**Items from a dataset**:
=== Section Start ===

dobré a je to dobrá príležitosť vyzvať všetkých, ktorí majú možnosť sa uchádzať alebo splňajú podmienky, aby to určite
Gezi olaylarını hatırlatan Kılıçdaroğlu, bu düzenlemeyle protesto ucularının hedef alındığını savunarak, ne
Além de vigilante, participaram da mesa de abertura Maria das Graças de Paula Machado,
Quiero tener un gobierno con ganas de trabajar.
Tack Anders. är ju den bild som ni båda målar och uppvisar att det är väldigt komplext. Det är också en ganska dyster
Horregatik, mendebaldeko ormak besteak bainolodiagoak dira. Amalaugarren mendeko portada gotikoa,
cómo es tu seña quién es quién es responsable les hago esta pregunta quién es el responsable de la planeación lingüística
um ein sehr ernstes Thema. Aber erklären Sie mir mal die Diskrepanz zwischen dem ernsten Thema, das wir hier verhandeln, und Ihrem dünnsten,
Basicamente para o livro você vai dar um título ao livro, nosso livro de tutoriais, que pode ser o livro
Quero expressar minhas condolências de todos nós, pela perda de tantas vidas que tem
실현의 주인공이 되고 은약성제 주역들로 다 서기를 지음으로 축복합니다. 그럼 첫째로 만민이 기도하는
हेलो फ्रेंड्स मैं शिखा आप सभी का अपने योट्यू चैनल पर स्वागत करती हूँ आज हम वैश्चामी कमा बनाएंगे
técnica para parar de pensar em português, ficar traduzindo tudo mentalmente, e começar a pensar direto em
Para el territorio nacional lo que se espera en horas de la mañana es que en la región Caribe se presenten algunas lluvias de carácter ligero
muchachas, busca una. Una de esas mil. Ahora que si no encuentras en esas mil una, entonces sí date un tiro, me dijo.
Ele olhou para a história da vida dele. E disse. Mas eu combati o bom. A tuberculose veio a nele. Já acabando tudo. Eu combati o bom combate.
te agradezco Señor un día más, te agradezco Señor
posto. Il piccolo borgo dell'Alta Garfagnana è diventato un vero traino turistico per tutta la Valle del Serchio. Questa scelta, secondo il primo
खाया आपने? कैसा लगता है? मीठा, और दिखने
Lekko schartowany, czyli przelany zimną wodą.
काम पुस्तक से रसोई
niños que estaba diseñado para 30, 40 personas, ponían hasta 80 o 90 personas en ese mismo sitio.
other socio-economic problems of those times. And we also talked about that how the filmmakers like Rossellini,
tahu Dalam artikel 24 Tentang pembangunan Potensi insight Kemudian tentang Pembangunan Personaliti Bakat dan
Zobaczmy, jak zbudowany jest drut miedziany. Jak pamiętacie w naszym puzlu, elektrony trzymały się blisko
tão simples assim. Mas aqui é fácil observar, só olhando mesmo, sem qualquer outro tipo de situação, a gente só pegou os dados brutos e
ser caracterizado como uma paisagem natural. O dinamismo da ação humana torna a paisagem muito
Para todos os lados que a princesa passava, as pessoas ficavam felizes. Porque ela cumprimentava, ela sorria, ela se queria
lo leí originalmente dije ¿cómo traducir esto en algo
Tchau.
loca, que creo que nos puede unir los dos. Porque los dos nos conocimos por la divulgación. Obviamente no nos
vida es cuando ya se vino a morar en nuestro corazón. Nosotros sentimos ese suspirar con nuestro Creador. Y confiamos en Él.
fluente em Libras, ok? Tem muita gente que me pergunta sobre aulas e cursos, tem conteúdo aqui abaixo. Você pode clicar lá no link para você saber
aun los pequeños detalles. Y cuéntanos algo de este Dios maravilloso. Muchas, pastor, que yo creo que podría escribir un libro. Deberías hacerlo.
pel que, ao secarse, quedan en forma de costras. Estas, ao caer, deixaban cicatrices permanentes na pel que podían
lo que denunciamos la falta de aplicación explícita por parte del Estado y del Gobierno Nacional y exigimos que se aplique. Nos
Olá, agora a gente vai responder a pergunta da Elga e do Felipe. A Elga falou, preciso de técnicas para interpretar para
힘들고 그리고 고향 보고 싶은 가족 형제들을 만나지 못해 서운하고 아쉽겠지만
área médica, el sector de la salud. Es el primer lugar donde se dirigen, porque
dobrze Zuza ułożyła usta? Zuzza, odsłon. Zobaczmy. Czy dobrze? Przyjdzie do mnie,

=== Section End ===

**Your assignment**: From the entries above, copy every line containing the word "você".

**Written response**:
Basicamente para o livro você vai dar um título ao livro, nosso livro de tutoriais, que pode ser o livro
fluente em Libras, ok? Tem muita gente que me pergunta sobre aulas e cursos, tem conteúdo aqui abaixo. Você pode clicar lá no link para você saber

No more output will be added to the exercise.